Find all positive integers $n$ for which $1372n^4 - 3 $ is an odd perfect square. 

Find all positive integers $n$ for which $1372\,n^4 - 3$ is an odd perfect square.


I tried $\bmod ,4,5,7$ and failed. Next, I used Vieta’s Theorem and failed again.
Any hints, please. Thank you very much!
Edit number and parity already. Sorry for typo
Edit 2 : This question is related to this question.
 A: The equation $y^2=1372x^4-3$ has only one positive integral solution for $x$ and $y$ at which is found at $(1,37)$.

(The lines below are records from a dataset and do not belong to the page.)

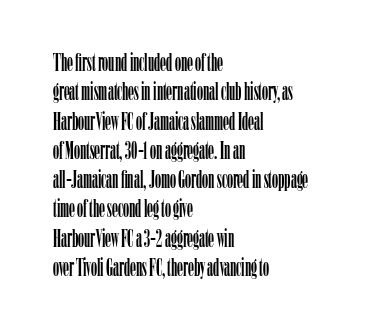
The lettering stays uniformly vertical, giving the passage a roman look. The letterforms sit shoulder to shoulder at normal distance. The setting favours the left margin, as ordinary paragraphs usually do. Decoration check: the copy has no underline.
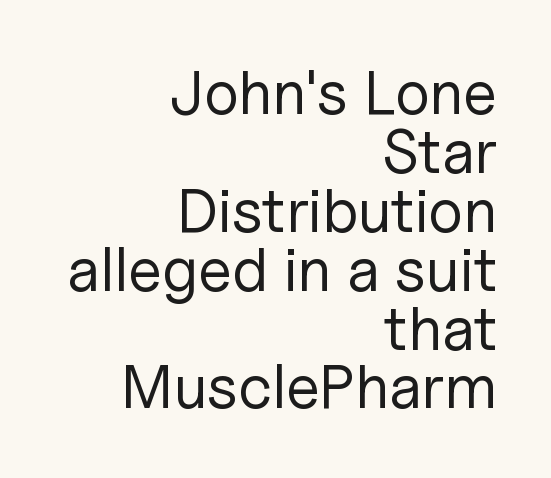
{"serif": "no", "italic": "no", "bold": "no", "weight": "regular", "width": "normal", "stroke_contrast": "low", "x_height": "medium", "monospaced": "no", "underline": "no", "align": "right", "line_spacing": "tight", "line_spacing_ratio": 0.95, "letter_spacing": "normal", "letter_spacing_em": 0.0, "glyph_px": 62}
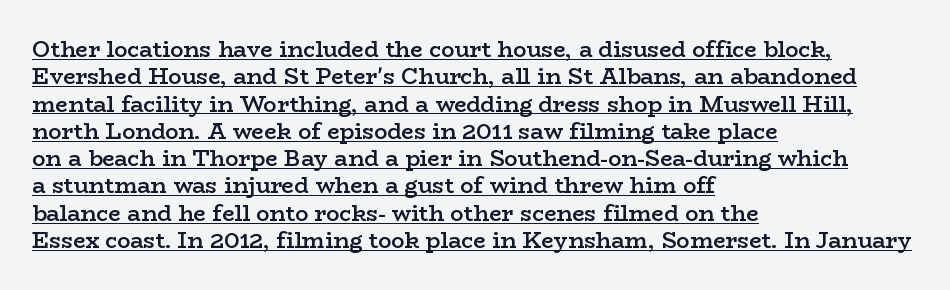
Q: Is the text bold? A: Semi-bold.
Q: Is the text italic (slanted)? A: No, it is upright.
Q: Is the text underlined? A: Yes.
Q: How is the paragraph aligned? A: Left-aligned.
Q: Is the spacing between letters normal or unusually wide? A: Normal.
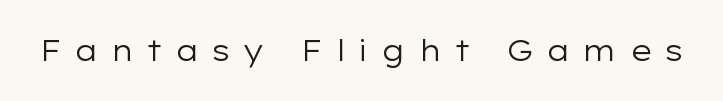
The weight tops out at a normal text grade. Caption: expanded tracking, letters set apart. Observe the absence of serifs on each vertical stroke in this sample. Style check: upright. Decoration check: the copy has no underline.
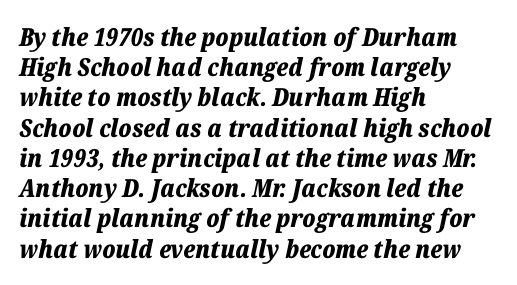
Nobody drew a line under any word here. Yep, that's italic — everything's leaning. Students, note that the glyphs here touch the page at normal intervals. I'd describe the lettering as bold — thick and assertive. Does the copy run flush right? No — it runs flush left.
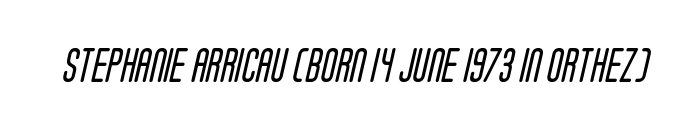
Q: Is the text bold? A: No.
Q: Is the typeface a serif or a sans-serif typeface? A: Sans-serif.
Q: Is the text underlined? A: No.
Q: Is the spacing between letters normal or unusually wide? A: Normal.
Q: Width (condensed, normal, or wide)? A: Condensed.
Q: Stroke contrast? A: Low.
Q: x-height? A: Large.
Q: Monospaced? A: No.
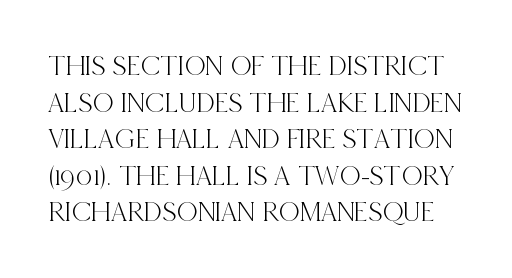
The image shows 29 px condensed serif type, upright; set normal line spacing (1.26x), normal letter spacing, not underlined; a large x-height.

We can use the general technique in this answer https://mathoverflow.net/a/338108 to convert your quartic into Weierstrass form and then we can use MAGMA to find all integral points on the curve.
Step 1: Quartic to Cubic (Weierstrass form)

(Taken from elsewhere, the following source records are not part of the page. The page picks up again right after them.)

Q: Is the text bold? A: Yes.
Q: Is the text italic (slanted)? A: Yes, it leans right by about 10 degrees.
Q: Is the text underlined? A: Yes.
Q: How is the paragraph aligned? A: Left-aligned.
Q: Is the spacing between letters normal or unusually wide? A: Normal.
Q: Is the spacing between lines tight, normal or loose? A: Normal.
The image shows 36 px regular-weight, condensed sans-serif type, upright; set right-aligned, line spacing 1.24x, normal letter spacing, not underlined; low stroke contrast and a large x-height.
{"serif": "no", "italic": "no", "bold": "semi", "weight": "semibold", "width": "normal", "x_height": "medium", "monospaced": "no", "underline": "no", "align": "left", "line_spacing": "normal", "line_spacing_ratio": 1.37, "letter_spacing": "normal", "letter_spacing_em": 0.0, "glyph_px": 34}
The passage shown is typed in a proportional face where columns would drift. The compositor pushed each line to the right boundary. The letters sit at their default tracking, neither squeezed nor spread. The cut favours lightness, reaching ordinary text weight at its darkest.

$y^2=1372x^4-3$ can be transformed into $Y^2=X^3-4116X$ using $X:=1372x^2$ and $Y:=1372xy$ via the steps below
Take
$$y^2=1372x^4-3$$
Multiply both sides by $1372^2x^2$
$$1372^2x^2y^2=1372^3x^6-3\times1372^2x^2$$
$$(1372xy)^2=(1372x^2)^3-(3\times1372)(1372x^2)$$
$$Y^2=X^3-4116X$$
Step 2: Search for Integral Points
Then using MAGMA (An online version is here for you to confirm my work for yourself: http://magma.maths.usyd.edu.au/calc/) we can run the following two lines of code to find all of the integral points on our curve:
E := EllipticCurve([0,0,0,4116,0]);
IntegralPoints(E);

And we get the result: $(0 : 0 : 1)$ which tells us that the only one solution exists (the one that we found manually $(1,37)$).
Alternatively: Easier Solution
We could also run the following to get this answer directly (I realized this command existed after doing the work above, but it confirms the same answer).

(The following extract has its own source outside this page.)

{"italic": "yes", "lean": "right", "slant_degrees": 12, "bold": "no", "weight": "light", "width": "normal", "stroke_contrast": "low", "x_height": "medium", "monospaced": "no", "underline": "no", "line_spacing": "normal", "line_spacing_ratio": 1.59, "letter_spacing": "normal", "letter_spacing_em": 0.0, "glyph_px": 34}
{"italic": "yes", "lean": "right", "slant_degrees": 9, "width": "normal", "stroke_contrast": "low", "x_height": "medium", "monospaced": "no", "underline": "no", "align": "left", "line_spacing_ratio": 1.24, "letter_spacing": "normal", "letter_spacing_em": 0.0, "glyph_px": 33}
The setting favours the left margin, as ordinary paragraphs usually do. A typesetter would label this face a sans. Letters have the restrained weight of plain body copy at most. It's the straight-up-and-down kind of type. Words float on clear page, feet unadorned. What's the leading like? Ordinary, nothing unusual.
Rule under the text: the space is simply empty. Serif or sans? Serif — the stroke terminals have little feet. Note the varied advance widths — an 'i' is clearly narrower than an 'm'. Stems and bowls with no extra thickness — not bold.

IntegralQuarticPoints([1372, 0, 0, 0, -3]);

which gives the only positive output as $[ 1, 37 ]$
A: The function: $\sqrt{1372n^4 - 3}$ produces one integer only: when $n = 1$, it produces $37$.
For $ n \geq 2$, the function produces decimals.
Therefore, there is no positive integer $n$ such that $1372n^4 - 3$ is a odd perfect square.
This is a brute force function that I tested out on Python - ran the code till $10000$.
A: Just to give another way.
$1372n^4=m^2+3\Rightarrow2n^4\equiv m^2+3\pmod{10}$.
Noting $\mathbb Z/10\mathbb Z=\mathbb Z_{10}$ we have
$$\mathbb Z_{10}^4=\{1,6,5,0\}\Rightarrow2\mathbb Z_{10}^4=\{2,0\}\\\mathbb Z_{10}^2=\{1,4,9,6,5,0\}\Rightarrow\mathbb Z_{10}^2+3=\{4,7,2,9,8,3\}$$
Since $2\mathbb Z_{10}^4\cap(\mathbb Z_{10}^2+3)=\{2\}$ we deduce that modulo $10$ we must have $n=1$ which corresponds to $m=7$ (because of $7^2+3\equiv2\pmod{10}$).
It follows that the only solution is $n=1$.